▶ _YOUR TASK_
Transcribe each record exactly, but omit pictures.

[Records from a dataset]
========
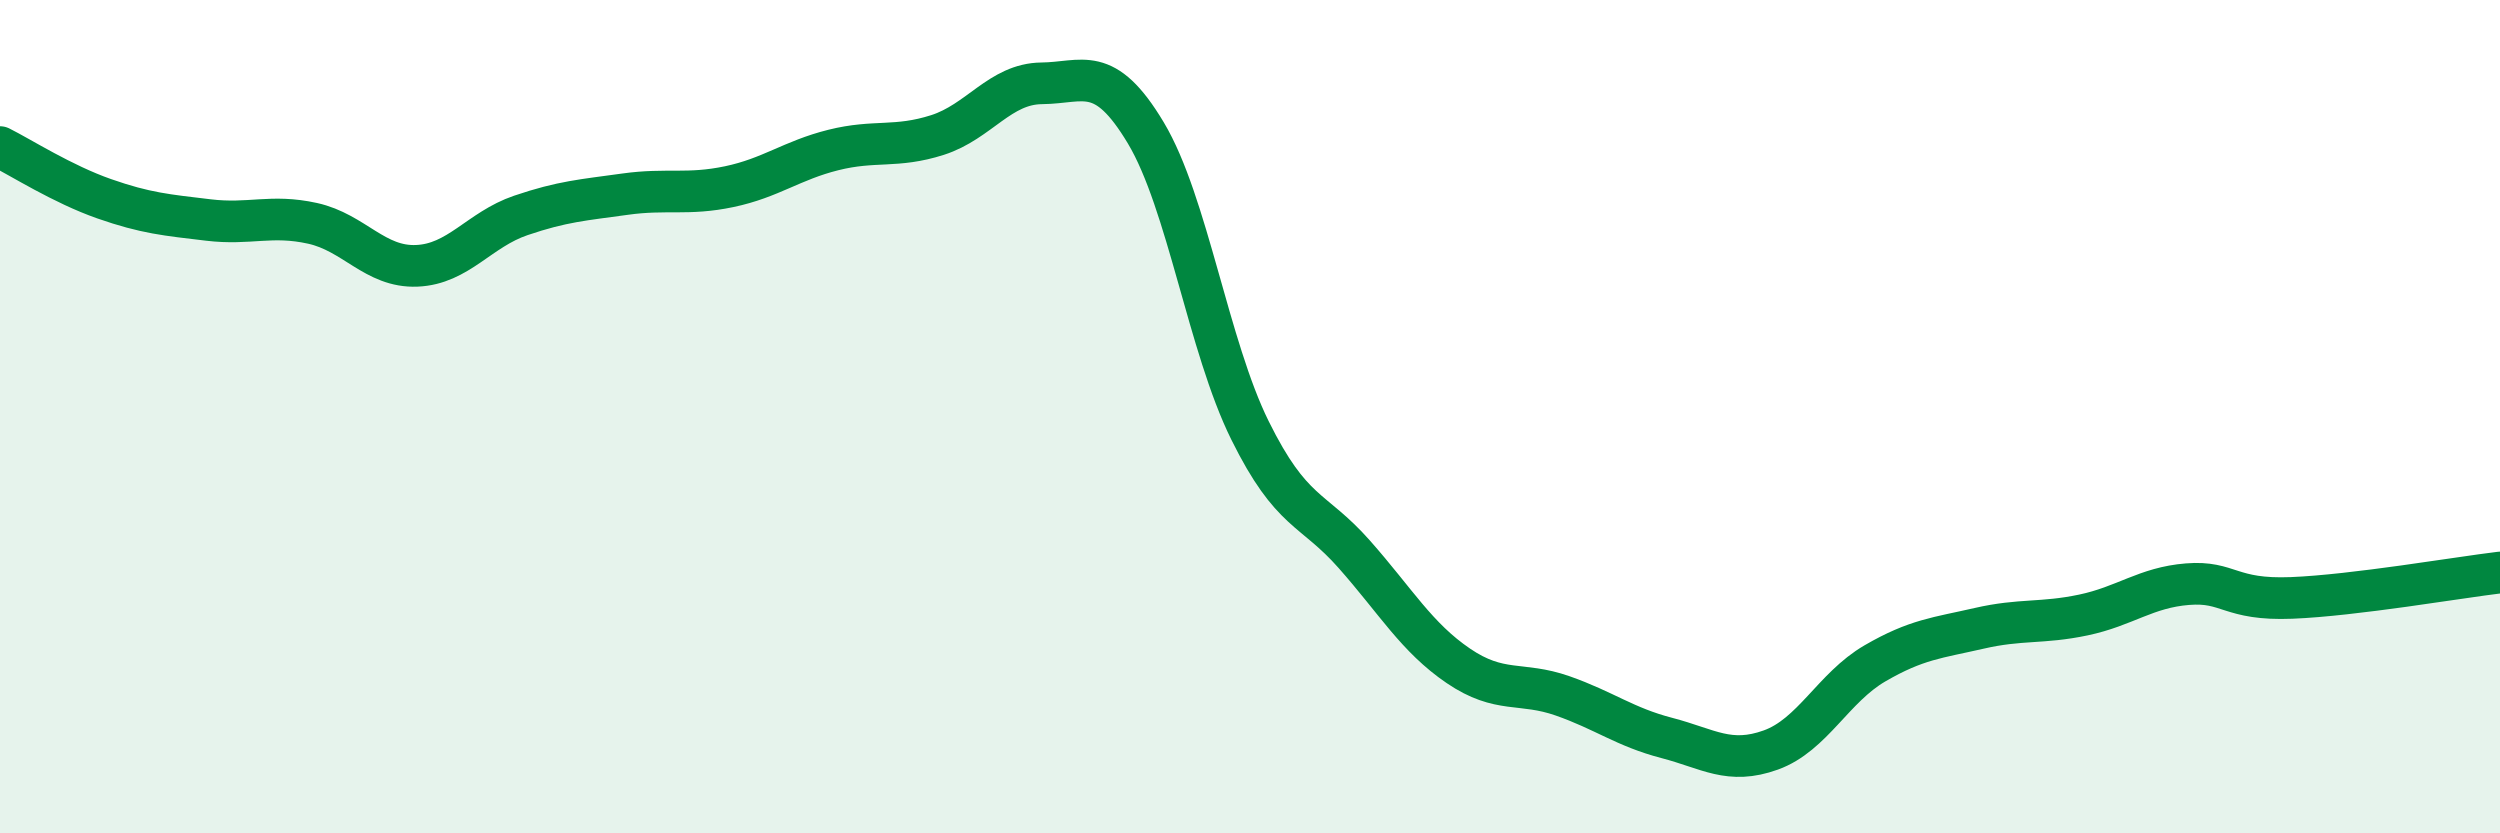 
    <svg width="60" height="20" viewBox="0 0 60 20" xmlns="http://www.w3.org/2000/svg">
      <path
        d="M 0,3.53 C 0.5,3.78 1.5,4.42 2.5,4.77 C 3.5,5.12 4,5.16 5,5.28 C 6,5.4 6.5,5.14 7.5,5.36 C 8.5,5.58 9,6.42 10,6.38 C 11,6.34 11.5,5.51 12.5,5.17 C 13.5,4.83 14,4.8 15,4.66 C 16,4.52 16.5,4.69 17.5,4.48 C 18.5,4.27 19,3.85 20,3.6 C 21,3.35 21.5,3.56 22.5,3.24 C 23.5,2.92 24,2.01 25,2 C 26,1.99 26.5,1.52 27.5,3.19 C 28.5,4.86 29,8.31 30,10.33 C 31,12.35 31.5,12.17 32.5,13.3 C 33.5,14.43 34,15.3 35,15.98 C 36,16.66 36.5,16.35 37.5,16.7 C 38.5,17.05 39,17.45 40,17.71 C 41,17.97 41.5,18.36 42.5,18 C 43.5,17.64 44,16.5 45,15.92 C 46,15.34 46.5,15.31 47.5,15.08 C 48.5,14.85 49,14.97 50,14.76 C 51,14.55 51.5,14.1 52.5,14.02 C 53.5,13.94 53.5,14.41 55,14.35 C 56.5,14.29 59,13.86 60,13.74L60 20L0 20Z"
        fill="#008740"
        opacity="0.1"
        stroke-linecap="round"
        stroke-linejoin="round"
      />
      <path
        d="M 0,3.53 C 0.5,3.78 1.5,4.42 2.5,4.77 C 3.5,5.12 4,5.16 5,5.28 C 6,5.4 6.5,5.14 7.5,5.36 C 8.5,5.58 9,6.42 10,6.38 C 11,6.34 11.5,5.51 12.5,5.17 C 13.5,4.83 14,4.8 15,4.66 C 16,4.52 16.5,4.69 17.5,4.48 C 18.5,4.27 19,3.85 20,3.6 C 21,3.35 21.5,3.56 22.5,3.24 C 23.5,2.92 24,2.01 25,2 C 26,1.99 26.5,1.52 27.5,3.19 C 28.5,4.86 29,8.31 30,10.33 C 31,12.35 31.5,12.17 32.5,13.3 C 33.5,14.43 34,15.3 35,15.98 C 36,16.66 36.5,16.35 37.5,16.7 C 38.5,17.05 39,17.45 40,17.71 C 41,17.97 41.5,18.36 42.5,18 C 43.5,17.64 44,16.5 45,15.92 C 46,15.34 46.5,15.31 47.5,15.08 C 48.5,14.85 49,14.97 50,14.76 C 51,14.55 51.5,14.1 52.5,14.02 C 53.5,13.94 53.5,14.41 55,14.35 C 56.5,14.29 59,13.86 60,13.74"
        stroke="#008740"
        stroke-width="1"
        fill="none"
        stroke-linecap="round"
        stroke-linejoin="round"
      />
    </svg>
========
▶ _THE ANSWER_
    <svg width="60" height="20" viewBox="0 0 60 20" xmlns="http://www.w3.org/2000/svg">
      <path
        d="M 0,3.53 C 0.5,3.78 1.5,4.42 2.5,4.77 C 3.5,5.12 4,5.16 5,5.28 C 6,5.4 6.5,5.14 7.5,5.36 C 8.5,5.58 9,6.42 10,6.38 C 11,6.34 11.5,5.51 12.5,5.17 C 13.5,4.83 14,4.8 15,4.66 C 16,4.52 16.5,4.69 17.5,4.48 C 18.5,4.27 19,3.85 20,3.6 C 21,3.35 21.5,3.56 22.5,3.24 C 23.5,2.92 24,2.01 25,2 C 26,1.99 26.5,1.52 27.5,3.19 C 28.5,4.86 29,8.31 30,10.33 C 31,12.35 31.5,12.17 32.5,13.3 C 33.5,14.43 34,15.3 35,15.98 C 36,16.66 36.5,16.35 37.5,16.7 C 38.5,17.05 39,17.45 40,17.71 C 41,17.97 41.5,18.36 42.5,18 C 43.5,17.64 44,16.5 45,15.92 C 46,15.34 46.5,15.31 47.5,15.08 C 48.5,14.85 49,14.97 50,14.76 C 51,14.55 51.5,14.1 52.5,14.02 C 53.5,13.94 53.5,14.41 55,14.35 C 56.5,14.29 59,13.86 60,13.74L60 20L0 20Z"
        fill="#008740"
        opacity="0.1"
        stroke-linecap="round"
        stroke-linejoin="round"
      />
      <path
        d="M 0,3.53 C 0.5,3.78 1.5,4.42 2.5,4.77 C 3.5,5.12 4,5.16 5,5.28 C 6,5.4 6.5,5.14 7.5,5.36 C 8.5,5.58 9,6.42 10,6.38 C 11,6.34 11.5,5.51 12.5,5.17 C 13.5,4.83 14,4.8 15,4.66 C 16,4.52 16.5,4.69 17.5,4.48 C 18.5,4.27 19,3.85 20,3.6 C 21,3.35 21.5,3.56 22.5,3.24 C 23.5,2.92 24,2.01 25,2 C 26,1.99 26.5,1.52 27.5,3.19 C 28.5,4.86 29,8.31 30,10.33 C 31,12.35 31.5,12.17 32.5,13.3 C 33.5,14.43 34,15.3 35,15.98 C 36,16.66 36.5,16.35 37.5,16.7 C 38.5,17.05 39,17.45 40,17.71 C 41,17.97 41.5,18.36 42.5,18 C 43.5,17.64 44,16.5 45,15.92 C 46,15.34 46.5,15.31 47.5,15.08 C 48.5,14.85 49,14.97 50,14.76 C 51,14.55 51.5,14.1 52.5,14.02 C 53.5,13.94 53.5,14.41 55,14.35 C 56.5,14.29 59,13.86 60,13.74"
        stroke="#008740"
        stroke-width="1"
        fill="none"
        stroke-linecap="round"
        stroke-linejoin="round"
      />
    </svg>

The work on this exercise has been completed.